Furthermore, where reliability is an independent statistical concept and has
nothing to do with the content of the test, validity is directly related to the
content and form of the test validity is defined as "the extent to which a test
measures what it is supposed to measure". This means that if a test is designed
to measure examinees’ language ability, it should measure their language ability
and nothing else. Otherwise, it will not be a valid test for the purposes intended.

Example, suppose a test of reading comprehension is given to a student and on


the basis of his test score, it is claimed that the student is very good at listening
comprehension. This kind of interpretation is quite invalid. That particular score
can be a valid indication of the student’s reading comprehension ability;
however, the same score will be an invalid indication of the same student’s
listening comprehension ability. Thus, a test can be valid for one purpose but
not the other. In other words, a good test of grammar may be valid for
measuring the grammatical ability of the examinees but not for measuring other
kinds of abilities.
In order to guarantee that a test is valid, it should be evaluated from different
dimensions. Every dimension constitutes a different kind of validity and
contributes to the total validity of the test.
Types of Validity:

Following are the types of validity.


 Face validity.
 Content validity.
 Criterion-related validity.
 Construct Validity

1.Face Validity:
Face validity refers to
“The extent to which the physical appearance of the test corresponds to what
it is claimed to measure.”
. For instance, a test of grammar must contain grammatical items and not
vocabulary items. Of course, a test of vocabulary may very well measure
grammatical ability as well; however, that type of test will not show high face
validity. It should be mentioned that face validity is not a very crucial or
determinant type of validity. In most cases, a test that does not show high face
validity has proven to be highly valid by other criteria. Therefore, teachers and
administrators should not be very much concerned about the face validity of
their tests. They should however be careful about other types of validity.
Example:
People may have negative reactions to an intelligence test that did not appear to
them to be measuring their intelligence.
2. Content Validity:
Content validity refers to
“The correspondence between the contents of the test and the contents of the
materials to be tested.”
Content Validity consists of:
 Instructional Objectives.
 Instructional Activities.
 Test.
Of course, a test cannot include all the elements of the content to be tested.
Nevertheless, the content of the test should be a reasonable sample and
representative of the total content to be tested. In order to determine the content
validity of a test, a careful examination of the direct correspondence between
the content of the test and the materials to be tested is necessary.

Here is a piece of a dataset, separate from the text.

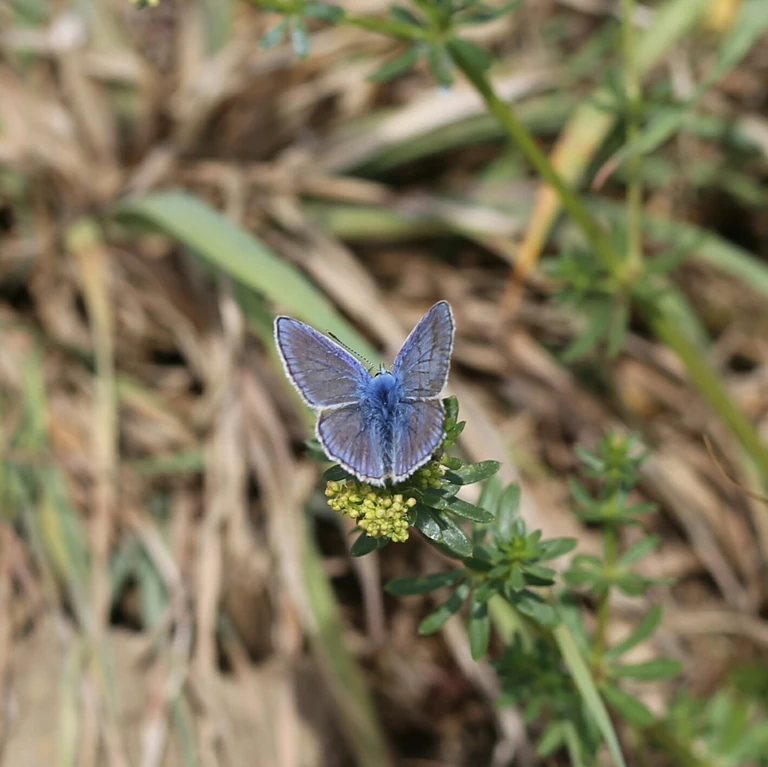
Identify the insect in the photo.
Polyommatus icarus

3. Criterion-Related Validity:
Criterion-related validity refers to the correspondence between the results of
the test in question and the results obtained from an outside criterion. The
outside criterion is usually a measurement device for which the validity is
already established. In contrast to face validity and content validity, which are
determined subjectively, criterion-related validity is established quite
objectively.
That is why it is often referred to as empirical validity. Criterion-related validity
is determined by correlating the scores on a newly developed test with scores on
an already-established test.
Example:
An IQ test should relate positively with school performance.

Types of Criterion-related validity:

Criterion-related validity is of two major kinds.


 Concurrent Validity
 Predictive Validity

Concurrent Validity:

If a newly developed test is given concurrently with a criterion test, the validity
index is called concurrent validity.
Predictive Validity:

When the two tests are given within a time interval, the correlation between two
sets of scores is called predictive validity.
CONSTRUCT VALIDITY:
It implies using the construct correctly (concepts, ideas, notions). Construct
validity seeks agreement between a theoretical concept and a specific measuring
device or procedure.
For example, a test of intelligence nowadays must include measures of
multiple intelligences, rather than just logical-mathematical and linguistic
ability measures.

Note:
Both concurrent and predictive validity indexes serve the purposes of
prediction. The magnitude of correlation predicts the performance of the
examinees on the criterion measure from their performance on a newly
developed test or vice-versa.

Importance of Validity:
It is important for the test to be valid in order for the results to be accurately
applied and interpreted.

External Validity:
It is the extent to which the results of a study can be generalized to different
situations, different groups of people, different settings, and different
conditions.

Internal Validity:
It is the extent to which a study is free from flaws and that any differences in the
measurements are due to an independent variable and nothing else.

Population Validity:
It refers to the extent to which a study can be generalized to the populations of
the people.

Ecological Validity:
It refers to the extent to which the findings can be generalized beyond the
present situation.

Factors affecting Validity:


 Directions (simple and clear)
 Difficulty level of the test(not too easy nor too difficult)
 Structure of items (poorly constructed or ambiguous items contribute to
invalidity)
RELATIONSHIP BETWEEN VALIDITY & RELIABILITY :

 Validity and reliability are closely related.

 A test cannot be considered valid unless the measurements resulting from


it are reliable.

 Likewise, results from a test can be reliable and not necessarily valid.

Practicality:
. It refers to facilities available to test developers regarding both administration
and scoring procedures of a test .It is defined as:
“Practicality refers to the ease of administration and scoring of a test.”
As far as administration is concerned, test developers should be attentive to the
possibilities of giving a test under reasonably acceptable conditions.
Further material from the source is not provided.